LCSH.info, Ed Summers’ presentation of Library of Congress Subject Headings data as Linked Data, has ended. As Ed explained:
“On December 18th I was asked to shut off lcsh.info by the Library of Congress. As an LC employee I really did not have much choice other than to comply.”
I am not as up on or enthusiastic about Ed’s Semantic-Web intentions, but the open-data implications are clear: the Library of Congress just took down public data. I didn’t think things could get much worse after the recent OCLC moves, but this is worse. The Library of Congress is the good guy.
Jenn Riley put it well:
“I know our library universe is complex.
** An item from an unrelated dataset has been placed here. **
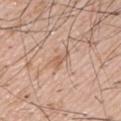subject: male, aged 53–57
size: ≈3 mm
image-analysis metrics: an area of roughly 3.5 mm² and an outline eccentricity of about 0.9 (0 = round, 1 = elongated); a mean CIELAB color near L≈60 a*≈19 b*≈31, about 8 CIELAB-L* units darker than the surrounding skin, and a lesion-to-skin contrast of about 5.5 (normalized; higher = more distinct); a border-irregularity index near 4/10 and peripheral color asymmetry of about 0; an automated nevus-likeness rating near 0 out of 100 and lesion-presence confidence of about 100/100
image: total-body-photography crop, ~15 mm field of view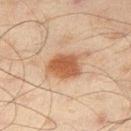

The real world gets in the way of our ideals. … But at some point talk is just talk and action is something else entirely. So where are we with library data? All talk? Or will we take action too? If our leadership seems to be headed in the wrong direction, who is it that will emerge in their place? Does the momentum need to shift, and if so, how will we make this happen? Is this the opportunity for a grass-roots effort? I’m not sure the ones I see out there are really poised to have the effect they really need to have. So what next?”
The time has come to get serious. The library world is headed in the wrong direction. It’s wrong for patrons—and taxpayers. And it’s wrong for libraries.
By the way, Ed, we’re recruiting library programmers. The job description includes wanting to change the world.